Afterwards we lined up for brief goodbyes.  Bill was obviously spent, and he hurried through these, though in his usual courtly fashion. By the time he got around to me, last in line, he was anxious to end the evening. I had prepared a brief thank-you speech to the effect of “it’s been an honor to meet you and I hope I won’t make you look stupid for hiring me,” but he just nodded and waved vaguely and then turned to go upstairs.

One morning a few weeks later, Rich called us all into the conference room, and I think everyone knew why even before he made the announcement that Bill had died.  In the days that followed, we reviewed, online and in print, the staggering breadth of Bill’s work: writing, editing, public speaking, television, running for office, and in his spare time he crossed oceans in a sailboat.
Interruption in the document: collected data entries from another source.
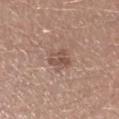Image and clinical context:
Measured at roughly 3 mm in maximum diameter. The total-body-photography lesion software estimated a footprint of about 5.5 mm², an outline eccentricity of about 0.75 (0 = round, 1 = elongated), and a symmetry-axis asymmetry near 0.3. The analysis additionally found a lesion–skin lightness drop of about 9 and a normalized lesion–skin contrast near 6.5. The subject is a male aged 28–32. A lesion tile, about 15 mm wide, cut from a 3D total-body photograph. Captured under white-light illumination.
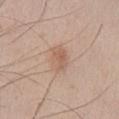<lesion>
<biopsy_status>not biopsied; imaged during a skin examination</biopsy_status>
<automated_metrics>
  <area_mm2_approx>7.0</area_mm2_approx>
  <eccentricity>0.8</eccentricity>
  <shape_asymmetry>0.2</shape_asymmetry>
  <border_irregularity_0_10>2.0</border_irregularity_0_10>
  <color_variation_0_10>3.5</color_variation_0_10>
  <peripheral_color_asymmetry>1.0</peripheral_color_asymmetry>
  <nevus_likeness_0_100>40</nevus_likeness_0_100>
  <lesion_detection_confidence_0_100>100</lesion_detection_confidence_0_100>
</automated_metrics>
<patient>
  <sex>male</sex>
  <age_approx>25</age_approx>
</patient>
<lesion_size>
  <long_diameter_mm_approx>4.0</long_diameter_mm_approx>
</lesion_size>
<site>left lower leg</site>
<image>
  <source>total-body photography crop</source>
  <field_of_view_mm>15</field_of_view_mm>
</image>
</lesion>
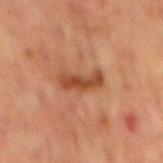Impression: Recorded during total-body skin imaging; not selected for excision or biopsy. Image and clinical context: This is a cross-polarized tile. Approximately 4 mm at its widest. The lesion is located on the mid back. A male subject in their 60s. Cropped from a total-body skin-imaging series; the visible field is about 15 mm.
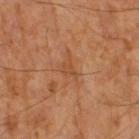<case>
  <biopsy_status>not biopsied; imaged during a skin examination</biopsy_status>
  <image>
    <source>total-body photography crop</source>
    <field_of_view_mm>15</field_of_view_mm>
  </image>
  <patient>
    <sex>male</sex>
    <age_approx>65</age_approx>
  </patient>
  <lesion_size>
    <long_diameter_mm_approx>2.5</long_diameter_mm_approx>
  </lesion_size>
  <lighting>cross-polarized</lighting>
</case>
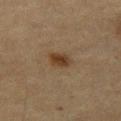workup — total-body-photography surveillance lesion; no biopsy | image — ~15 mm crop, total-body skin-cancer survey | location — the left thigh | patient — female, in their mid- to late 50s | size — about 3 mm | tile lighting — cross-polarized.
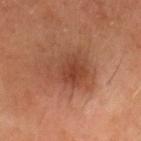Q: Was this lesion biopsied?
A: imaged on a skin check; not biopsied
Q: Lesion location?
A: the head or neck
Q: What is the imaging modality?
A: total-body-photography crop, ~15 mm field of view
Q: What are the patient's age and sex?
A: male, aged 48 to 52
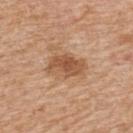This lesion was catalogued during total-body skin photography and was not selected for biopsy.
Imaged with white-light lighting.
About 5 mm across.
From the upper back.
A male subject in their 60s.
A region of skin cropped from a whole-body photographic capture, roughly 15 mm wide.
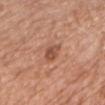notes: catalogued during a skin exam; not biopsied
patient: male, aged approximately 80
diameter: ~2.5 mm (longest diameter)
automated lesion analysis: a mean CIELAB color near L≈51 a*≈24 b*≈31 and roughly 10 lightness units darker than nearby skin
tile lighting: white-light
site: the chest
image: 15 mm crop, total-body photography
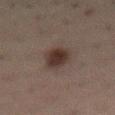workup: imaged on a skin check; not biopsied
patient: male, aged around 50
anatomic site: the abdomen
image: total-body-photography crop, ~15 mm field of view
diameter: about 4 mm
illumination: cross-polarized illumination
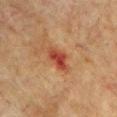Q: Is there a histopathology result?
A: catalogued during a skin exam; not biopsied
Q: Who is the patient?
A: male, roughly 75 years of age
Q: How was this image acquired?
A: ~15 mm crop, total-body skin-cancer survey
Q: Lesion location?
A: the left upper arm
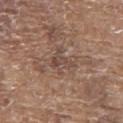{
  "biopsy_status": "not biopsied; imaged during a skin examination",
  "image": {
    "source": "total-body photography crop",
    "field_of_view_mm": 15
  },
  "site": "back",
  "lesion_size": {
    "long_diameter_mm_approx": 3.5
  },
  "patient": {
    "sex": "male",
    "age_approx": 80
  }
}
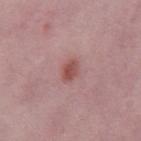follow-up = imaged on a skin check; not biopsied | acquisition = 15 mm crop, total-body photography | subject = female, in their 40s | anatomic site = the leg | lesion diameter = about 2.5 mm.

It was hard to square this human dynamo with the frail old man whose hospitality I had so recently enjoyed.

Yet as broken down as he was, Bill Buckley still felt an irresistible need to find out what was happening — at his magazine, in the nation, and in the world — no matter how much it took out of him.  Pat’s passing, his numerous infirmities, and his doctors’ orders had eliminated most of Bill’s greatest pleasures, but he could still talk politics and culture and chat with friends old and new, and through all his infirmities, his pleasure in these things was clearly undiminished.  This, too, was characteristic of Bill Buckley, and I’m glad I joined NR just soon enough to see him thriving in his element one last time.